Goal of the exercise:
Your answer should be the records again, unchanged in wording and free of images.

Record excerpts:
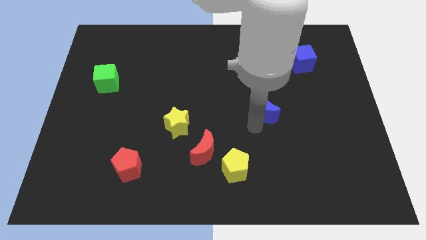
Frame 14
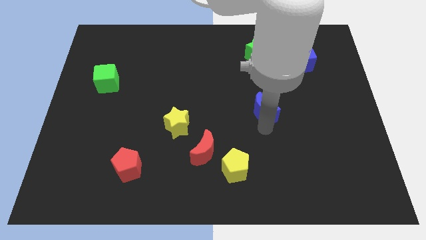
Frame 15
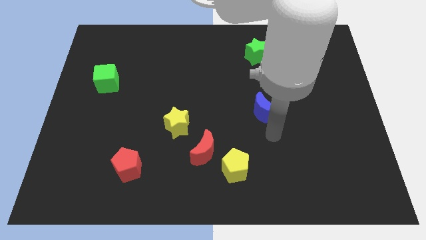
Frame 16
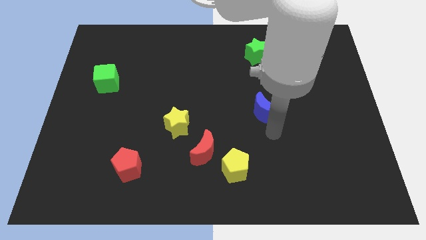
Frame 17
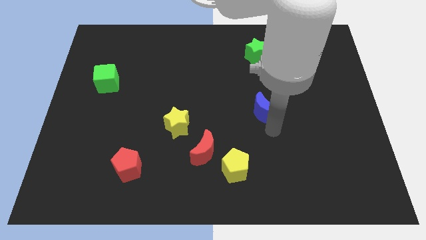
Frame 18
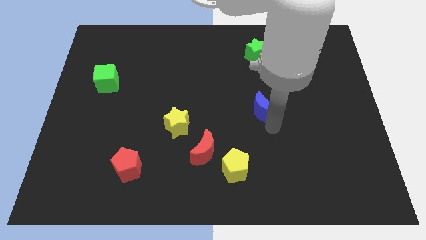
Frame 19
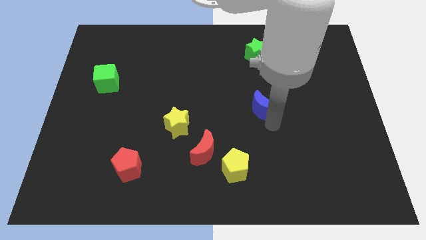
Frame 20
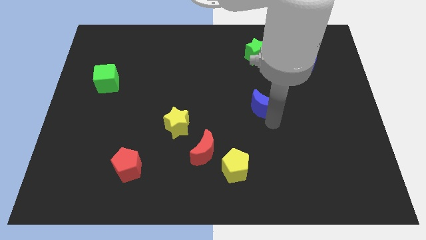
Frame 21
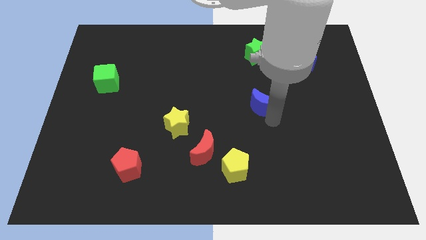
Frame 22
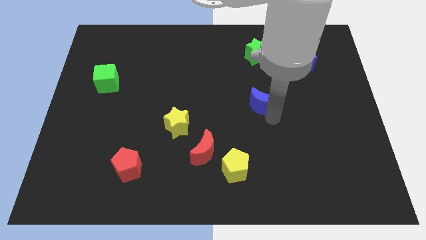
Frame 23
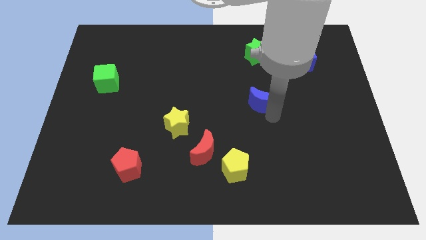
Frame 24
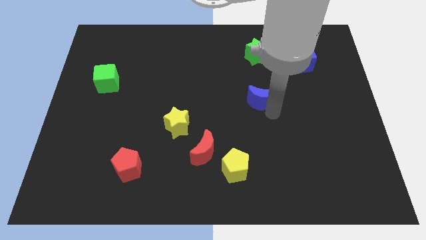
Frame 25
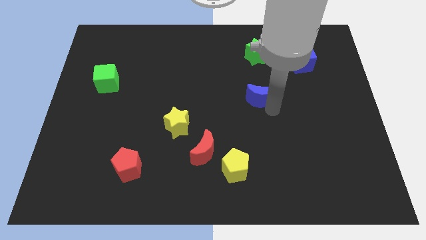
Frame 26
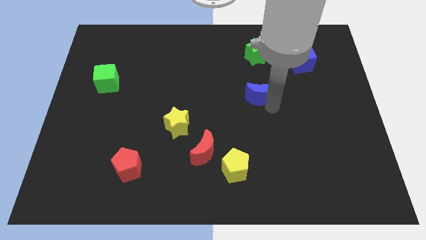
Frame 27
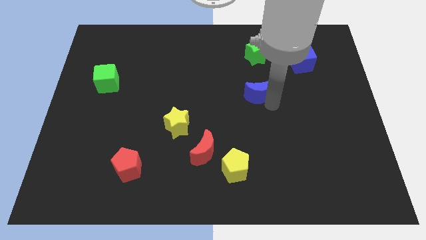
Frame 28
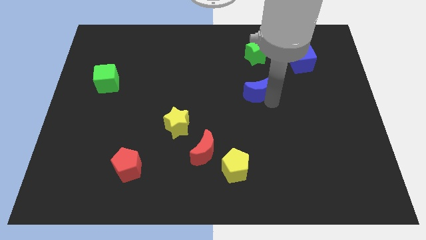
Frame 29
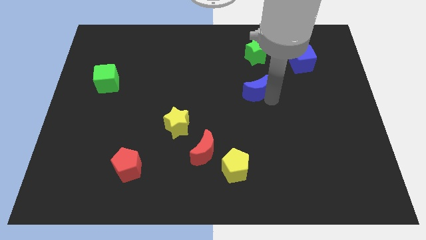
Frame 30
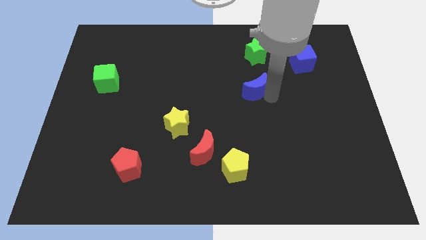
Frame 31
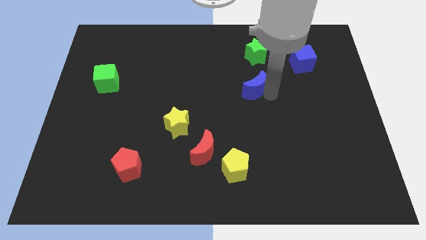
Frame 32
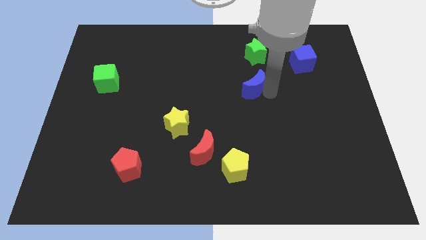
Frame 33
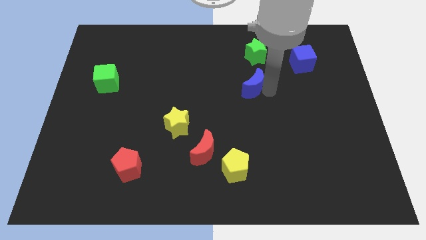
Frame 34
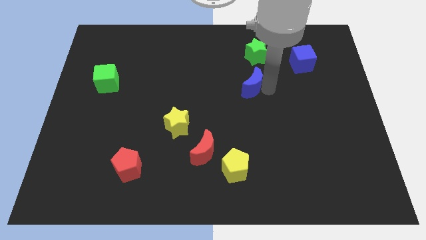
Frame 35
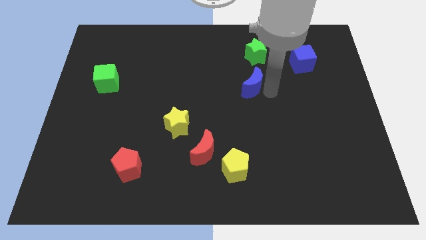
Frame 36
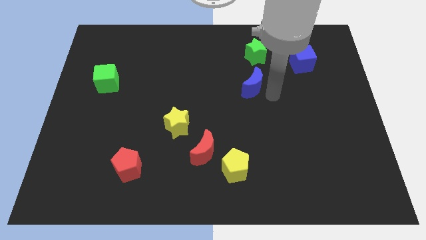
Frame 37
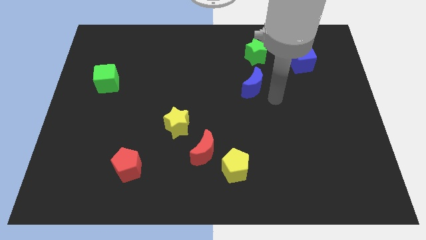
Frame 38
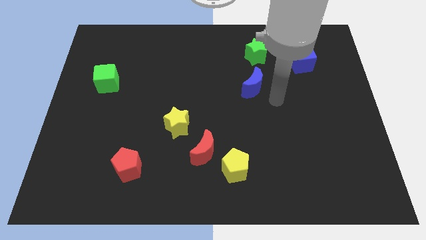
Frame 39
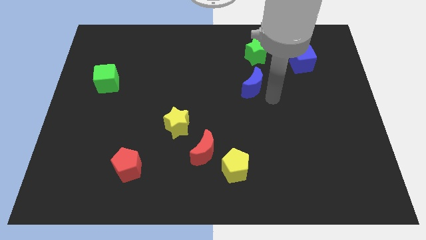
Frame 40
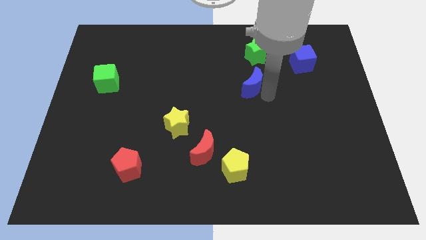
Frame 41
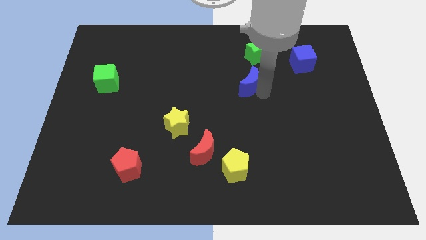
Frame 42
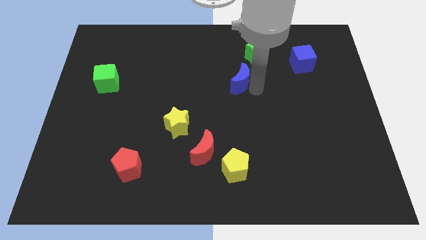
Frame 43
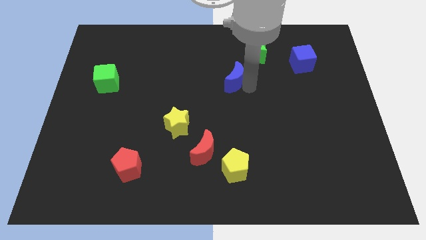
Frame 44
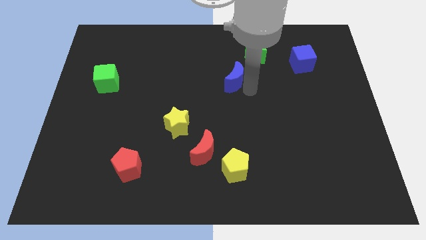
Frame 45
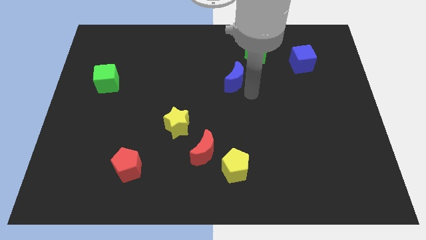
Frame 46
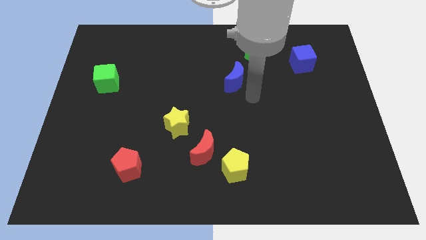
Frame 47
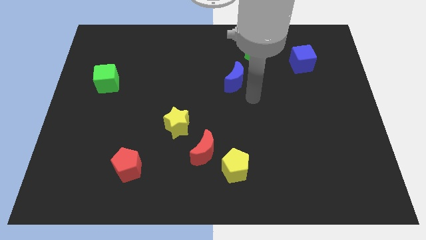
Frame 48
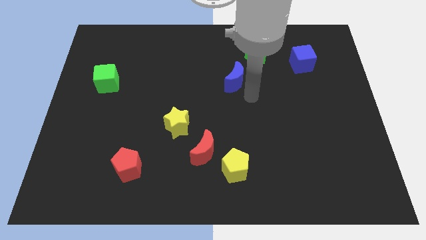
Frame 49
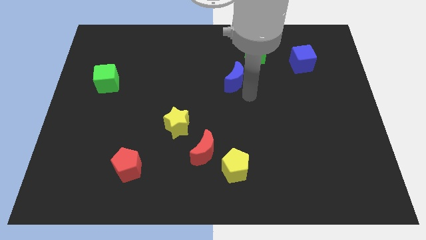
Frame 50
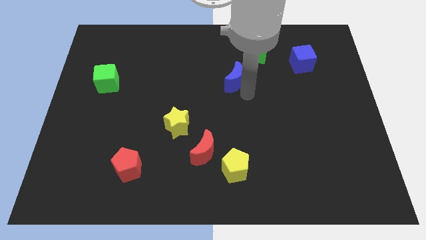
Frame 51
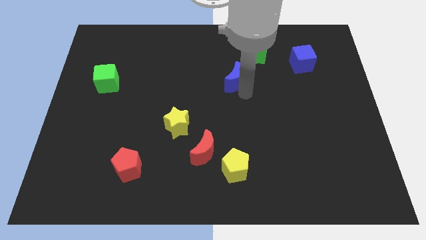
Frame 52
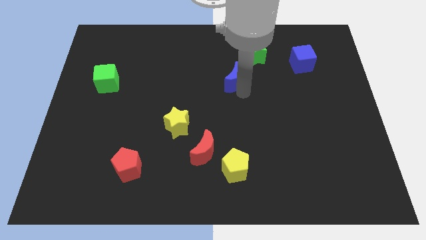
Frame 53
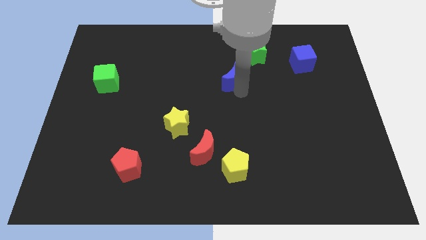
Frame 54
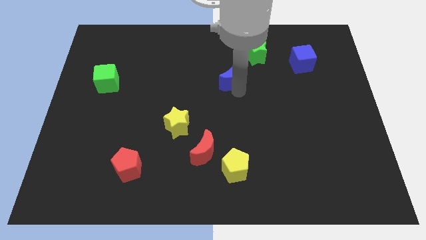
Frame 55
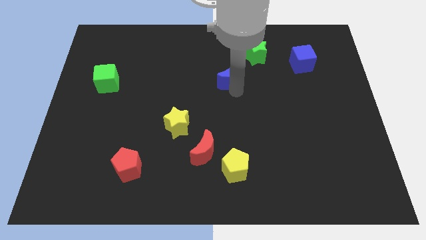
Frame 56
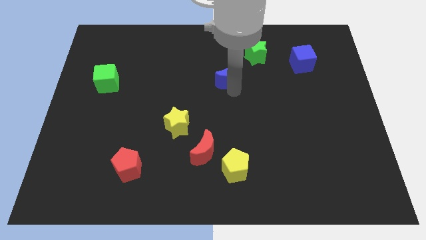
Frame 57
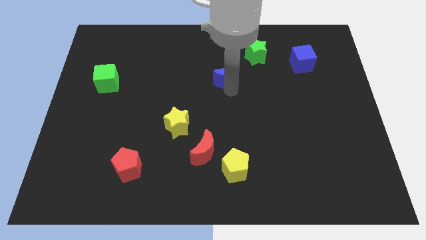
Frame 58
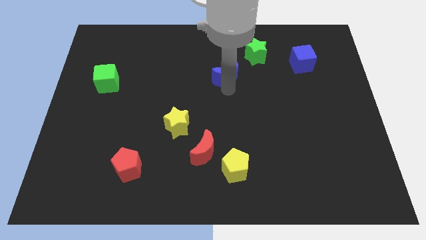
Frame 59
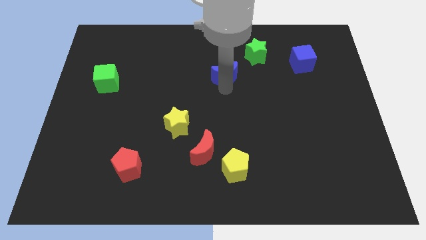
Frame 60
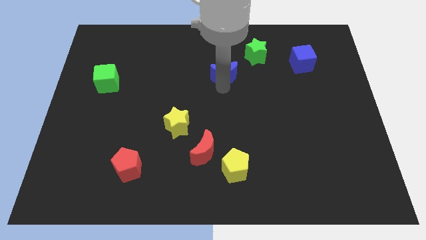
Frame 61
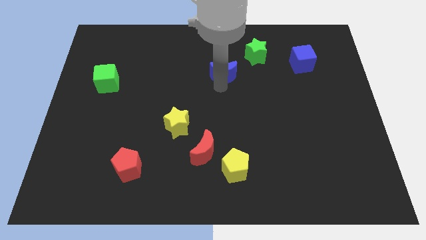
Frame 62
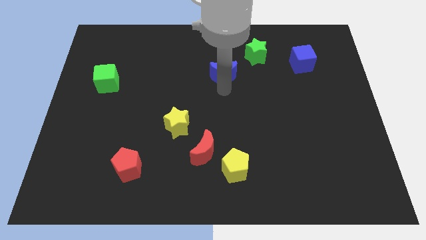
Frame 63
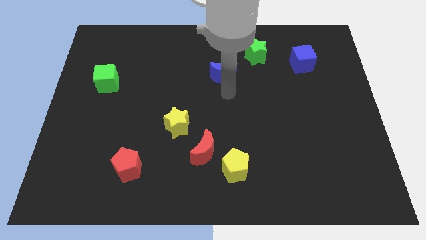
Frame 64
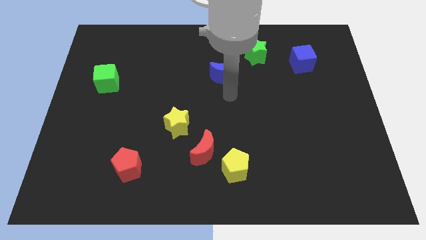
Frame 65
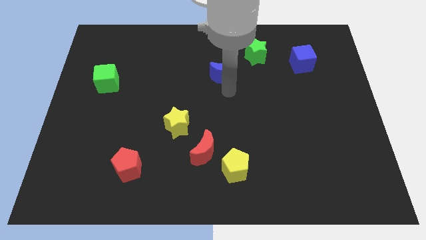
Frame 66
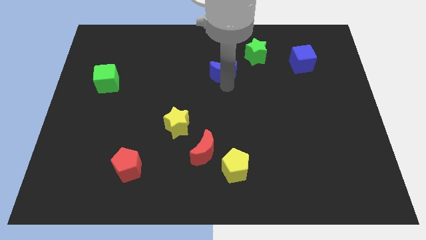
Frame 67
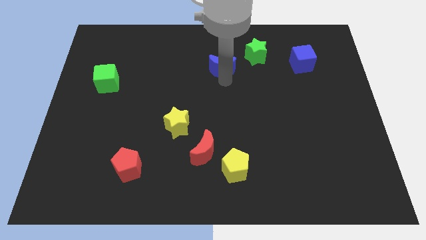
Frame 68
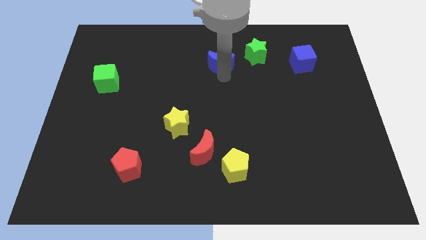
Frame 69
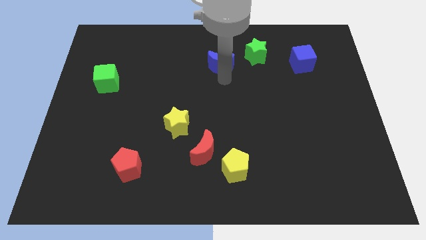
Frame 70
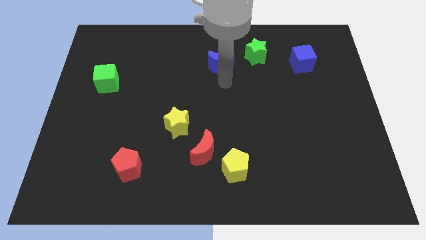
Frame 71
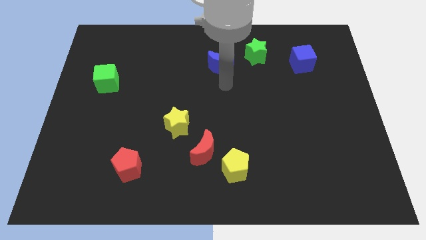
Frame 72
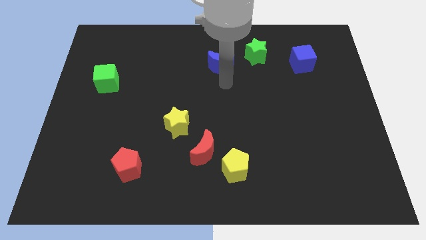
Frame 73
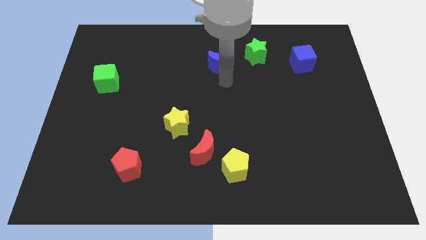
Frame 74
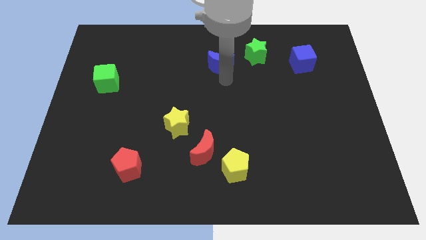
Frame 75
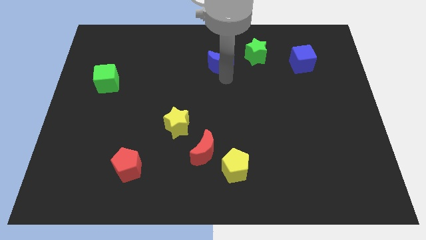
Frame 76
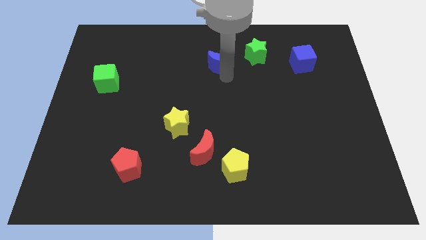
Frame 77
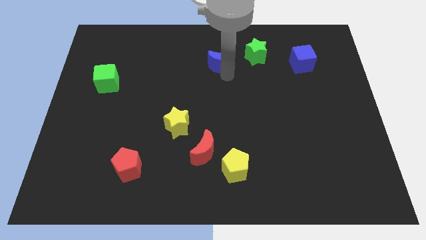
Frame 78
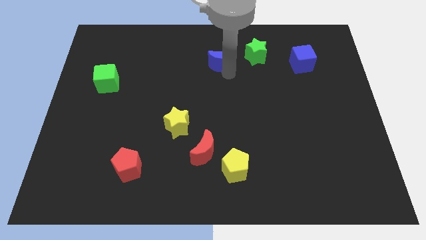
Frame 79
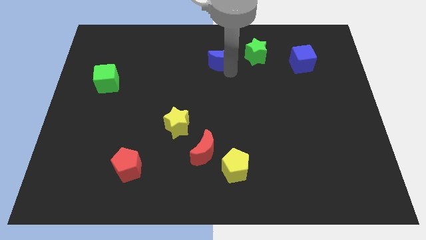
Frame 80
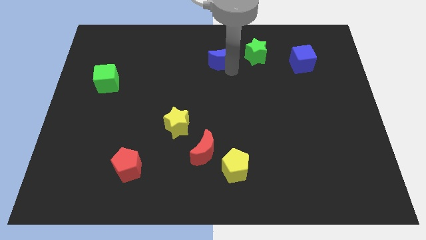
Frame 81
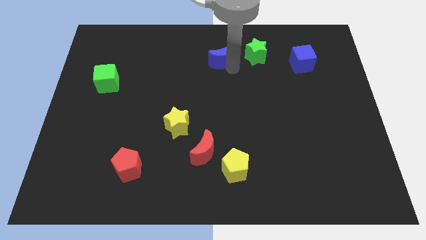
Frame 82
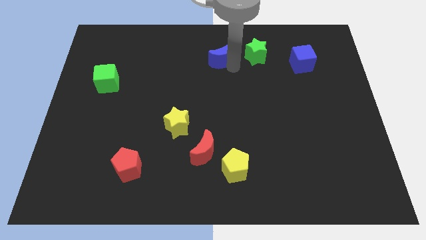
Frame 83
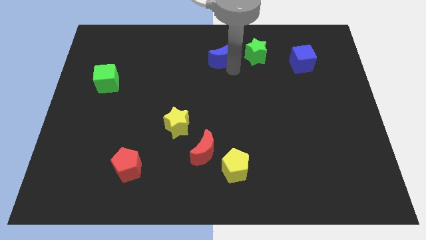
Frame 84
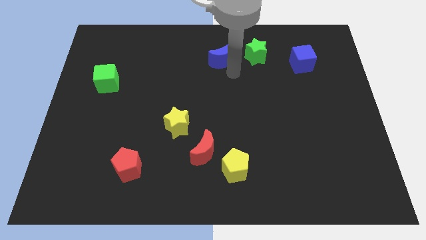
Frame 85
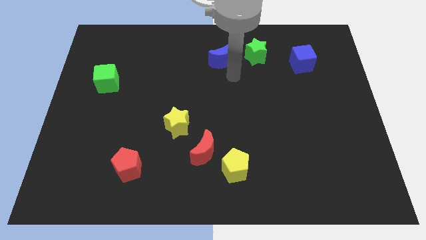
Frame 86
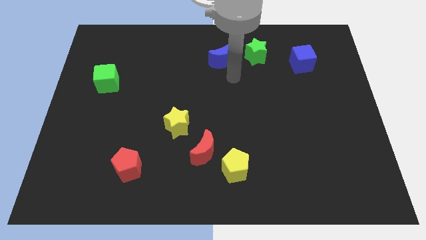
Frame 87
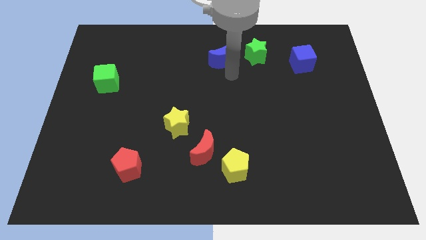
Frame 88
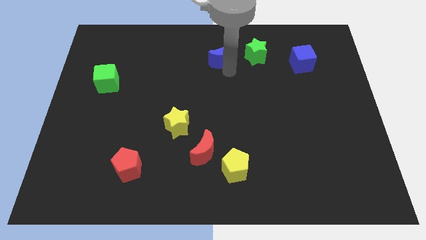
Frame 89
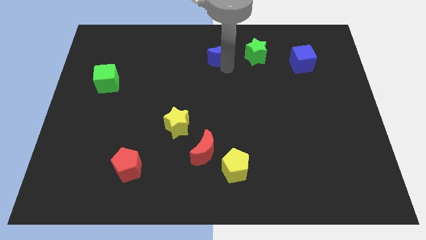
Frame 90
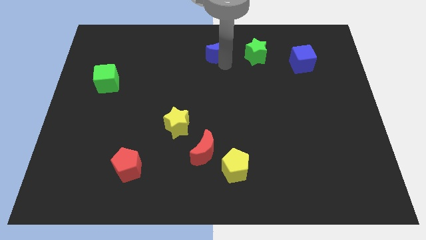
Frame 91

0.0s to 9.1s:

Task output:
Frame 14
Frame 15
Frame 16
Frame 17
Frame 18
Frame 19
Frame 20
Frame 21
Frame 22
Frame 23
Frame 24
Frame 25
Frame 26
Frame 27
Frame 28
Frame 29
Frame 30
Frame 31
Frame 32
Frame 33
Frame 34
Frame 35
Frame 36
Frame 37
Frame 38
Frame 39
Frame 40
Frame 41
Frame 42
Frame 43
Frame 44
Frame 45
Frame 46
Frame 47
Frame 48
Frame 49
Frame 50
Frame 51
Frame 52
Frame 53
Frame 54
Frame 55
Frame 56
Frame 57
Frame 58
Frame 59
Frame 60
Frame 61
Frame 62
Frame 63
Frame 64
Frame 65
Frame 66
Frame 67
Frame 68
Frame 69
Frame 70
Frame 71
Frame 72
Frame 73
Frame 74
Frame 75
Frame 76
Frame 77
Frame 78
Frame 79
Frame 80
Frame 81
Frame 82
Frame 83
Frame 84
Frame 85
Frame 86
Frame 87
Frame 88
Frame 89
Frame 90
Frame 91

0.0s to 9.1s:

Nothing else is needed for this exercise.